Faktem jest, że mam kawałek rdzy w miejscu, gdzie klapa bagażnika była klepana młotkiem (po zaparciu się o jakiś słupek – ale to nie byłem ja). Mam zamiar to oczyścić, ale dotyczy to długości ok 7-8cm, dokładnie tam, gdzie było prostowane i tylko tam. Powłoka lakieru jest uszkodzona.

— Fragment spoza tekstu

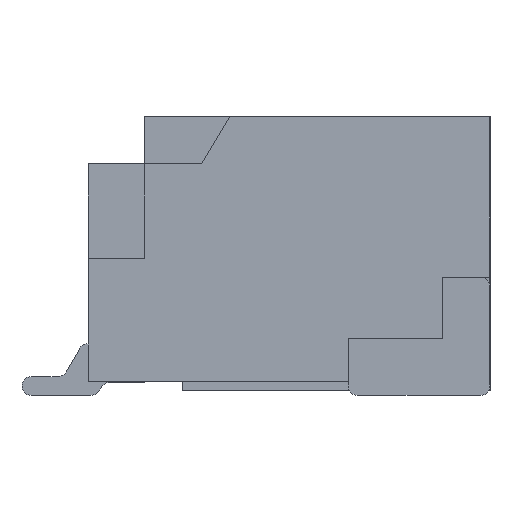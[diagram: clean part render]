
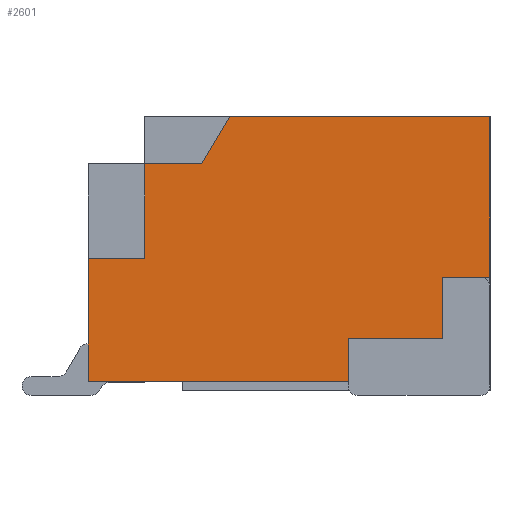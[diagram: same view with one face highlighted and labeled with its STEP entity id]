
A CAD part, left-side view. The second image highlights one B-rep face of the part: STEP entity #2601.
In plain terms, the highlighted planar face has unit normal (-1, 0, 0).
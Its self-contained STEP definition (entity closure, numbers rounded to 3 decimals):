
#2601=ADVANCED_FACE('',(#5974),#5976,.T.);
#5974=FACE_BOUND('',#5975,.T.);
#5975=EDGE_LOOP('',(#8739,#8740,#8741,#8742,#8743,#8744,#8745,#8746,#8747,#8748,
#8749,#8750));
#5976=PLANE('',#5977);
#5977=AXIS2_PLACEMENT_3D('',#5978,#5979,#5980);
#5978=CARTESIAN_POINT('',(-1.5,0.,0.));
#5979=DIRECTION('',(-1.,0.,0.));
#5980=DIRECTION('',(0.,0.,1.));
#8739=ORIENTED_EDGE('',*,*,#10549,.T.);
#8740=ORIENTED_EDGE('',*,*,#10550,.T.);
#8741=ORIENTED_EDGE('',*,*,#10551,.T.);
#8742=ORIENTED_EDGE('',*,*,#10458,.T.);
#8743=ORIENTED_EDGE('',*,*,#10552,.T.);
#8744=ORIENTED_EDGE('',*,*,#10553,.T.);
#8745=ORIENTED_EDGE('',*,*,#10554,.T.);
#8746=ORIENTED_EDGE('',*,*,#10555,.T.);
#8747=ORIENTED_EDGE('',*,*,#10434,.T.);
#8748=ORIENTED_EDGE('',*,*,#10548,.T.);
#8749=ORIENTED_EDGE('',*,*,#10556,.T.);
#8750=ORIENTED_EDGE('',*,*,#10557,.T.);
#10434=EDGE_CURVE('',#12202,#12200,#12203,.T.);
#10458=EDGE_CURVE('',#12249,#12247,#12250,.T.);
#10548=EDGE_CURVE('',#12200,#12417,#12419,.T.);
#10549=EDGE_CURVE('',#12420,#12421,#12422,.F.);
#10550=EDGE_CURVE('',#12421,#12423,#12424,.F.);
#10551=EDGE_CURVE('',#12423,#12249,#12425,.T.);
#10552=EDGE_CURVE('',#12247,#12426,#12427,.F.);
#10553=EDGE_CURVE('',#12426,#12428,#12429,.F.);
#10554=EDGE_CURVE('',#12428,#12430,#12431,.F.);
#10555=EDGE_CURVE('',#12430,#12202,#12432,.F.);
#10556=EDGE_CURVE('',#12417,#12433,#12434,.F.);
#10557=EDGE_CURVE('',#12433,#12420,#12435,.F.);
#12200=VERTEX_POINT('',#15928);
#12202=VERTEX_POINT('',#15932);
#12203=LINE('',#15933,#15934);
#12247=VERTEX_POINT('',#16023);
#12249=VERTEX_POINT('',#16027);
#12250=LINE('',#16028,#16029);
#12417=VERTEX_POINT('',#16373);
#12419=LINE('',#16377,#16378);
#12420=VERTEX_POINT('',#16380);
#12421=VERTEX_POINT('',#16381);
#12422=LINE('',#16382,#16383);
#12423=VERTEX_POINT('',#16385);
#12424=LINE('',#16386,#16387);
#12425=LINE('',#16389,#16390);
#12426=VERTEX_POINT('',#16392);
#12427=LINE('',#16393,#16394);
#12428=VERTEX_POINT('',#16396);
#12429=LINE('',#16397,#16398);
#12430=VERTEX_POINT('',#16400);
#12431=LINE('',#16401,#16402);
#12432=LINE('',#16404,#16405);
#12433=VERTEX_POINT('',#16407);
#12434=LINE('',#16408,#16409);
#12435=LINE('',#16411,#16412);
#15928=CARTESIAN_POINT('',(-1.5,-4.25,2.9));
#15932=CARTESIAN_POINT('',(-1.5,-4.25,1.2));
#15933=CARTESIAN_POINT('',(-1.5,-4.25,1.2));
#15934=VECTOR('',#15935,1.);
#15935=DIRECTION('',(0.,0.,1.));
#16023=CARTESIAN_POINT('',(-1.5,-2.75,0.1));
#16027=CARTESIAN_POINT('',(-1.5,0.,0.1));
#16028=CARTESIAN_POINT('',(-1.5,0.,0.1));
#16029=VECTOR('',#16030,1.);
#16030=DIRECTION('',(0.,-1.,0.));
#16373=CARTESIAN_POINT('',(-1.5,-1.5,2.9));
#16377=CARTESIAN_POINT('',(-1.5,-4.25,2.9));
#16378=VECTOR('',#16379,1.);
#16379=DIRECTION('',(0.,1.,0.));
#16380=CARTESIAN_POINT('',(-1.5,-0.6,2.4));
#16381=CARTESIAN_POINT('',(-1.5,-0.6,1.4));
#16382=CARTESIAN_POINT('',(-1.5,-0.6,1.4));
#16383=VECTOR('',#16384,1.);
#16384=DIRECTION('',(0.,0.,1.));
#16385=CARTESIAN_POINT('',(-1.5,0.,1.4));
#16386=CARTESIAN_POINT('',(-1.5,0.,1.4));
#16387=VECTOR('',#16388,1.);
#16388=DIRECTION('',(0.,-1.,0.));
#16389=CARTESIAN_POINT('',(-1.5,0.,1.4));
#16390=VECTOR('',#16391,1.);
#16391=DIRECTION('',(0.,0.,-1.));
#16392=CARTESIAN_POINT('',(-1.5,-2.75,0.55));
#16393=CARTESIAN_POINT('',(-1.5,-2.75,0.55));
#16394=VECTOR('',#16395,1.);
#16395=DIRECTION('',(0.,0.,-1.));
#16396=CARTESIAN_POINT('',(-1.5,-3.75,0.55));
#16397=CARTESIAN_POINT('',(-1.5,-3.75,0.55));
#16398=VECTOR('',#16399,1.);
#16399=DIRECTION('',(0.,1.,0.));
#16400=CARTESIAN_POINT('',(-1.5,-3.75,1.2));
#16401=CARTESIAN_POINT('',(-1.5,-3.75,1.2));
#16402=VECTOR('',#16403,1.);
#16403=DIRECTION('',(0.,0.,-1.));
#16404=CARTESIAN_POINT('',(-1.5,-4.25,1.2));
#16405=VECTOR('',#16406,1.);
#16406=DIRECTION('',(0.,1.,0.));
#16407=CARTESIAN_POINT('',(-1.5,-1.2,2.4));
#16408=CARTESIAN_POINT('',(-1.5,-1.2,2.4));
#16409=VECTOR('',#16410,1.);
#16410=DIRECTION('',(0.,-0.514,0.857));
#16411=CARTESIAN_POINT('',(-1.5,-0.6,2.4));
#16412=VECTOR('',#16413,1.);
#16413=DIRECTION('',(0.,-1.,0.));

Gwoli szczerości – miałem bąbel rdzy na tylnym nadkolu, to ale od uderzenia kamieniem.

nadkola 626GF tył refresh

PostNapisane: 22 wrz 2009, 11:11
przez rolozwanyrolo
Odgrzewam bo nie znalazłem odpowiedzi i nie jestem z okolic łodzi. Czy ktoś z was zakładał i wie jakie nadkola pasują na tył GF-ki. Zamierzam wspawać reperaturki i osłonić na przyszłość. Dodam że większość GFek gnije na rantach tylnych nadkoli. Moja przez rok z jednego bąbelka rozlazła sie na jakieś 6cm i 'spuchł' rant. Please nie piszcie 'że u mnie jest wszystko ok' albo '10 lat mazdą jeżdżę i nie widziałem grama rdzy'. Z góry dzięki.